# Difference between i386 and i686 distros



## ahayes1ic (Jun 9, 2003)

What is the difference between i386 and i686 distros?

Does Red Hat come in a i686 distro?


----------



## utanja (Oct 22, 2003)

ahayes1ic said:


> What is the difference between i386 and i686 distros?
> 
> Does Red Hat come in a i686 distro?


the basic difference is code optimization....i505 distro is optimized for P4 and similar where as i386 is for the obsolete intel 386,......i386 will run on a p4 but i686 will run more efficiently...

i run redhat9 on one of my workstations and it installed the i686 kernel....however i believe that if i install it on a 386....it would automatically use the 386 kernel...

if your distro only installs a 386 kernel you can build a new kernel for the 686 (p4)...


----------



## ahayes1ic (Jun 9, 2003)

I have installed RH 9 on a P4 machine using the only ISO's I could find for RH which were i386.

Does this mean that my installation has been automatically optimised for my i686 machine?

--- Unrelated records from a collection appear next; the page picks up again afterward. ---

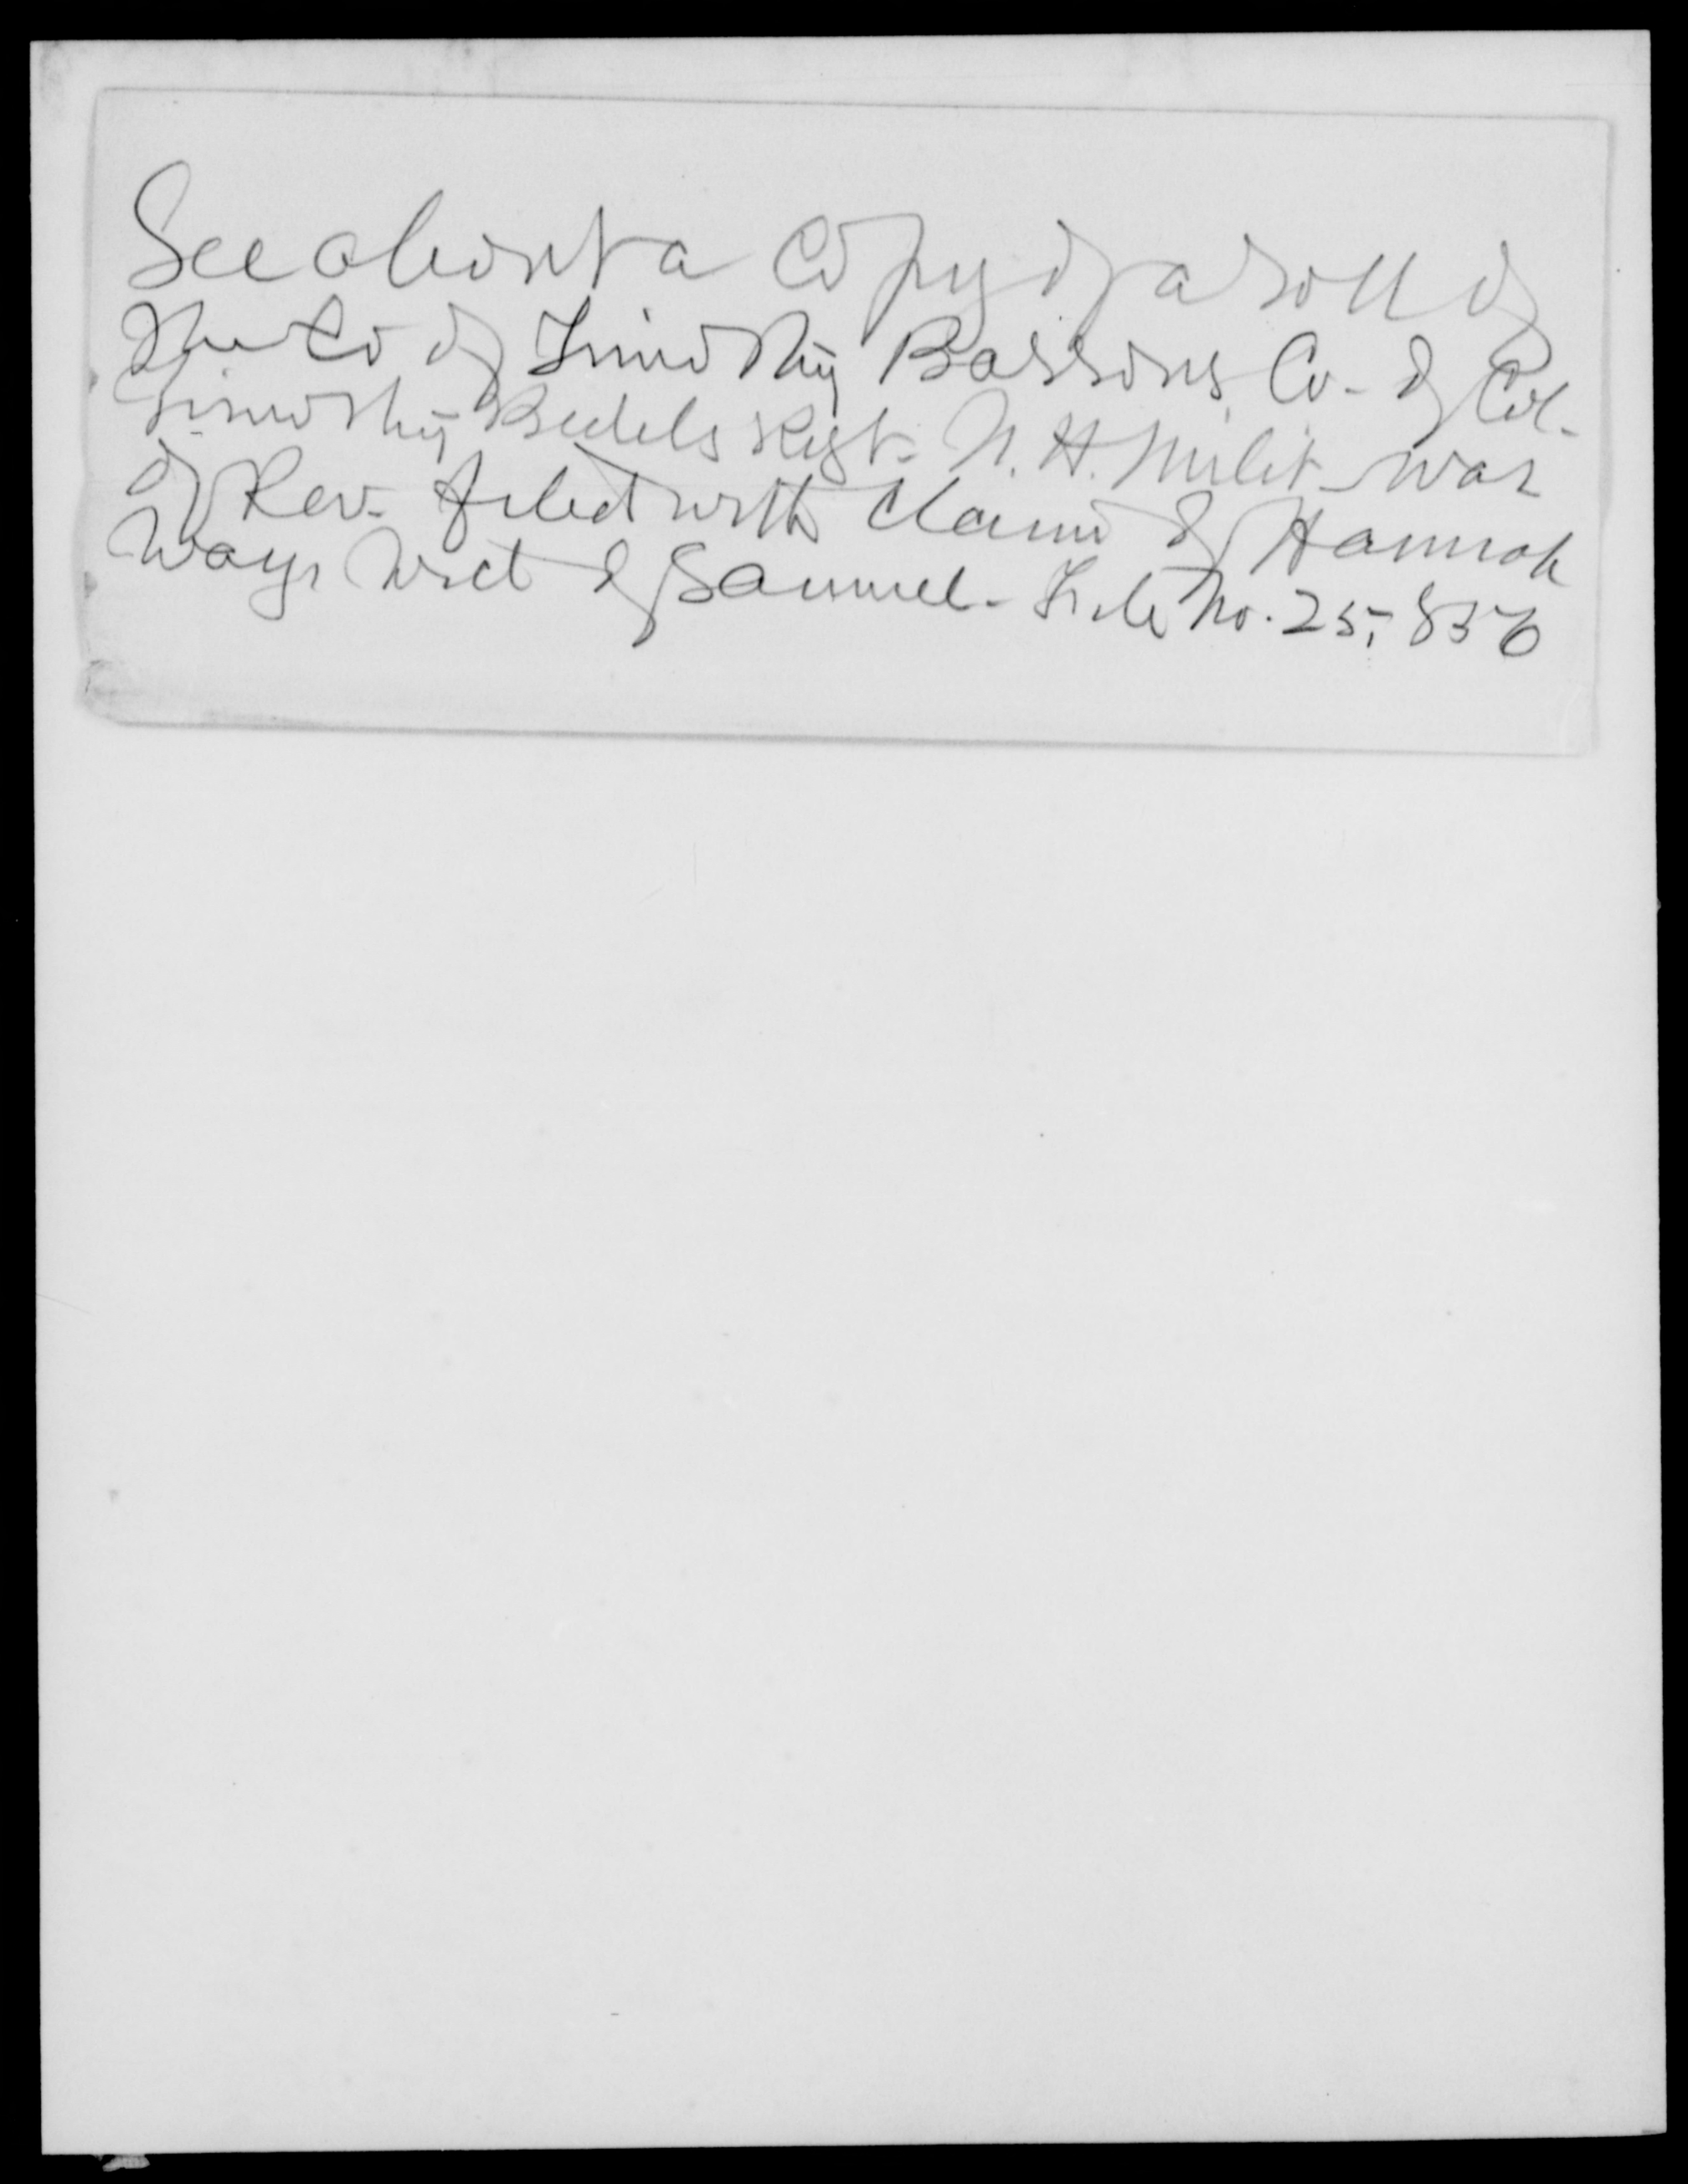See about a copy of a roll of
the Co of Timothy Barton Co. of Col.
Timothy Bedels Regt N.H. Milit was
[illegible] filed with claim of
Hannah
Way Witt & Samuel. File No. 25, 856

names: Samuel, Hannah Way
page: 59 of 78
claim: widow's
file: W. 25856, Samuel Way, N.H.

I could only find an i386 distro of RH 9. Is there an i686 RH 9 distro?

Cheers


----------



## tnik (Aug 3, 2003)

To make it easy for distribution, companies just say that the i386 distros are for Pentium(Intel) class processors.. instead of having separate distros for the i386 and i686.. When you fine tune your kernel during the install, you have the option to set the processor to the type you have..


----------



## Whiteskin (Nov 16, 2002)

Of course, all predistributed binariaries are all compiled for i386. Unless it is somthing like video, where it will actually take advantage of the 686 class CPU. Distros like Gentoo compile everything from source, which means that every binary is customized for the specific computer.


----------